We have defined only the fields loginid,fullName and age in the serialPersistentFields so that only this fields will be saved to the file on serialization and not the password field.

3)Defining writeObject and readObject methods in the Serializable Class

We can define the methods writeObject and readObject in the serializable class to control what information to be saved and to be retrieved back from the stream.

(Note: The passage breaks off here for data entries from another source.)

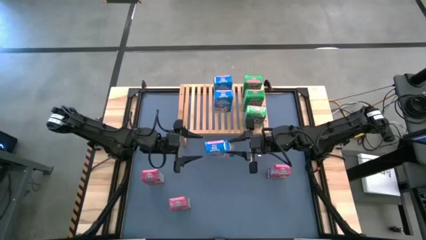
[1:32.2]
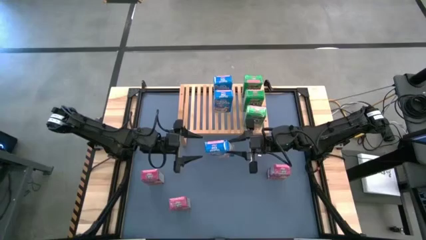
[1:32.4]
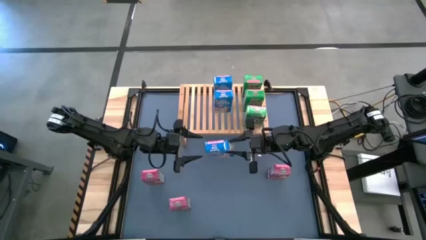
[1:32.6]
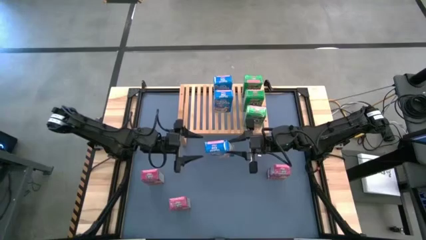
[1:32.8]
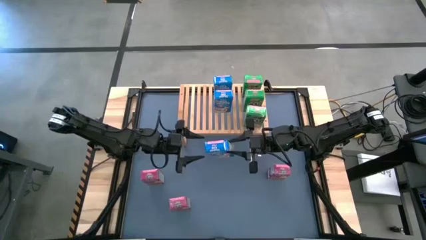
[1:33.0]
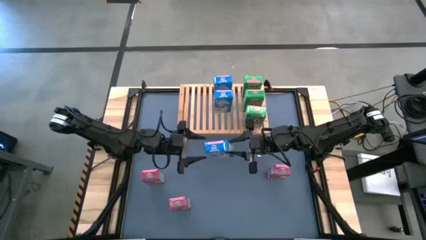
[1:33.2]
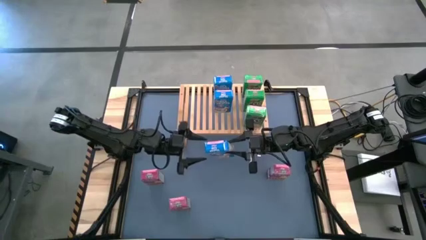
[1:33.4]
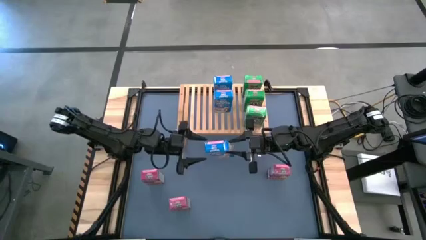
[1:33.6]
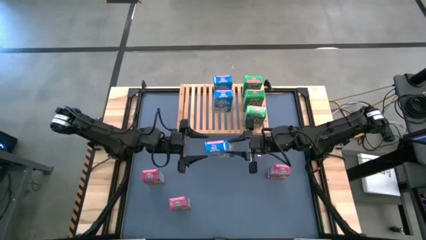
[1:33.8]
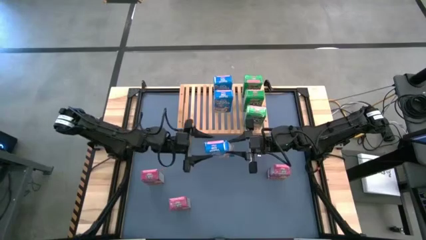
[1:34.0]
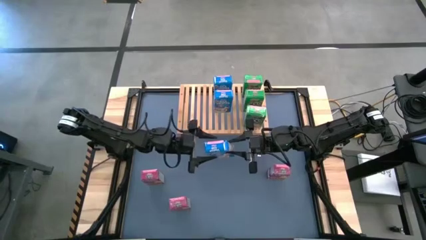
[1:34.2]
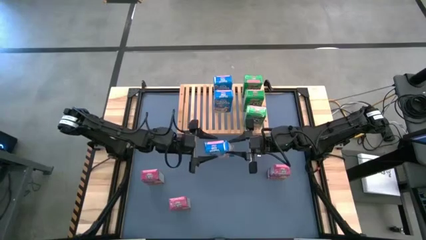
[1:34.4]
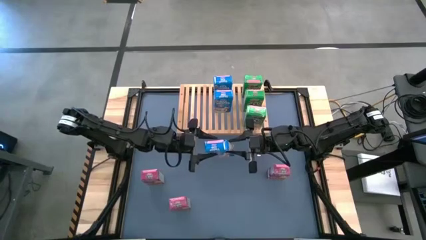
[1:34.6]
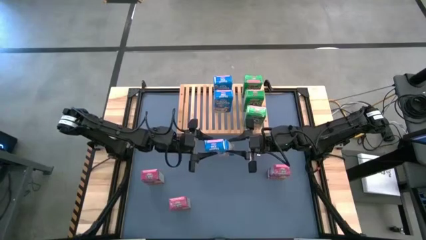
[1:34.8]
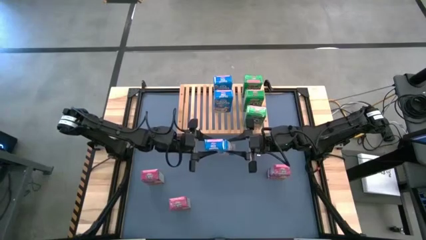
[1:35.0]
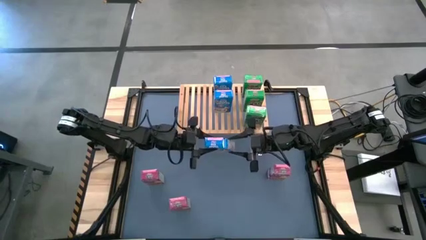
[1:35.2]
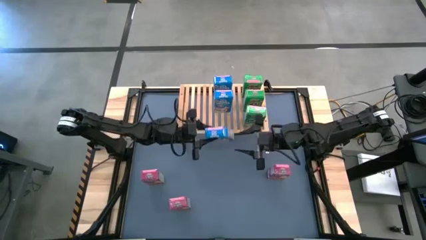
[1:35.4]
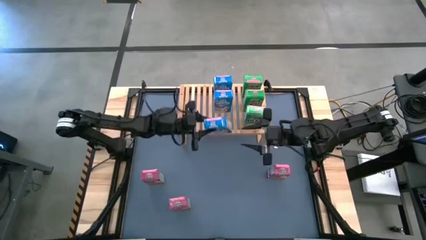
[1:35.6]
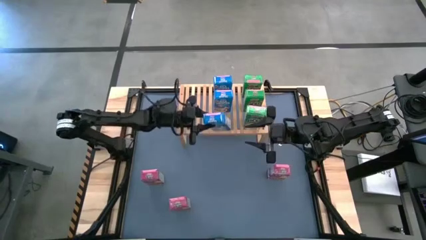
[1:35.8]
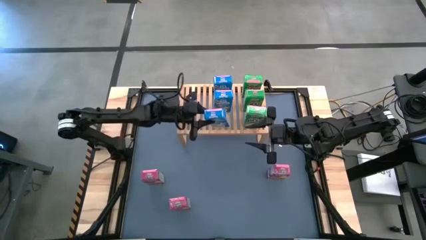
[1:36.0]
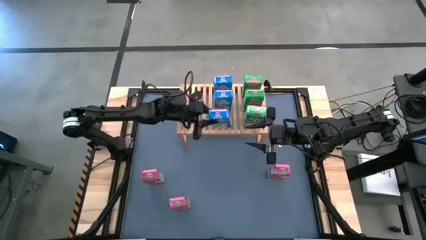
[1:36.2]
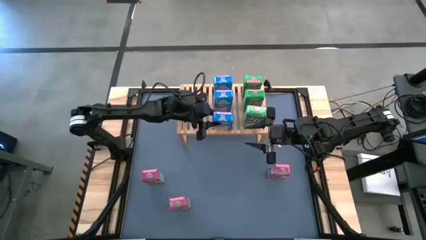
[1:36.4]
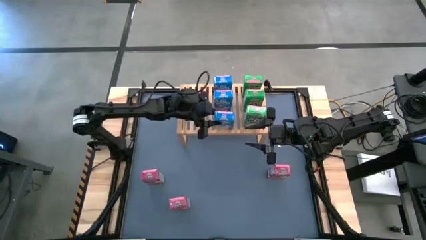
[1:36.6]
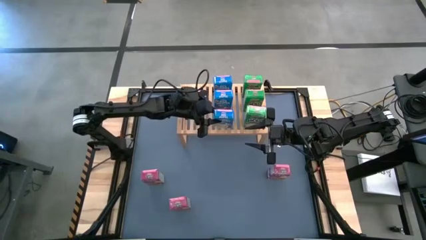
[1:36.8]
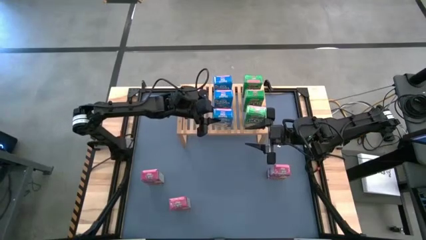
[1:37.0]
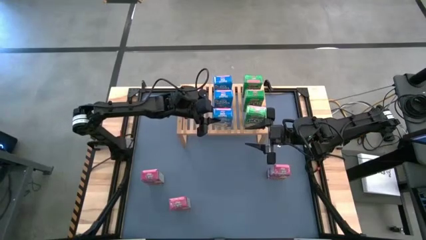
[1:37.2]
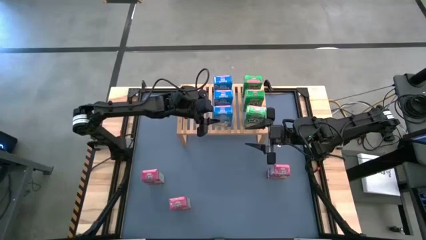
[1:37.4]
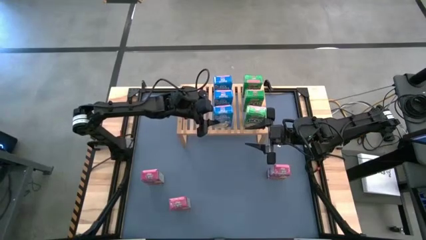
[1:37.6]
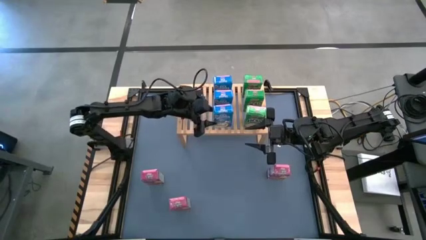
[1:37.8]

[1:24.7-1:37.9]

import java.io.IOException;                                                                                                                      
import java.io.ObjectInputStream;
import java.io.ObjectOutputStream;
import java.io.Serializable;

public class StudentVO implements Serializable {
private String loginId;
private  String password;
private String fullName;
private int age;
 public StudentVO(String loginId, String password, String fullName,
int age) {
super();
this.loginId = loginId;
this.password = password;
this.fullName = fullName;
this.age = age;
}

 private void readObject(ObjectInputStream ois) throws IOException,                                          
 ClassNotFoundException {
loginId=(String) ois.readObject();
fullName=(String) ois.readObject();
age=ois.readInt();
}
 private void writeObject(ObjectOutputStream oos) throws IOException {
    oos.writeObject(loginId);
    oos.writeObject(fullName);
    oos.writeInt(age);
 }

@Override
public String toString() {
return "StudentVO [loginId=" + loginId + ", password=" + password
+ ", fullName=" + fullName + ", age=" + age + "]";
}
}

When the StudentVo object is serialized using writeObject method of the objectOutputStream,it will delegate the call to the method writeObject in serializable class StudentVO class.Thus only the fields loginId,fullName and age will be saved and not the password field.

OUTPUT:

When we run the SerializerSample class by using any of the above 3 versions of the StudentVO,we will get the below output

Object deserialized from file is:StudentVO [loginId=V01, password=null, fullName=John Peter, age=20]

As we can see in the output, the password field value was not saved during serialization.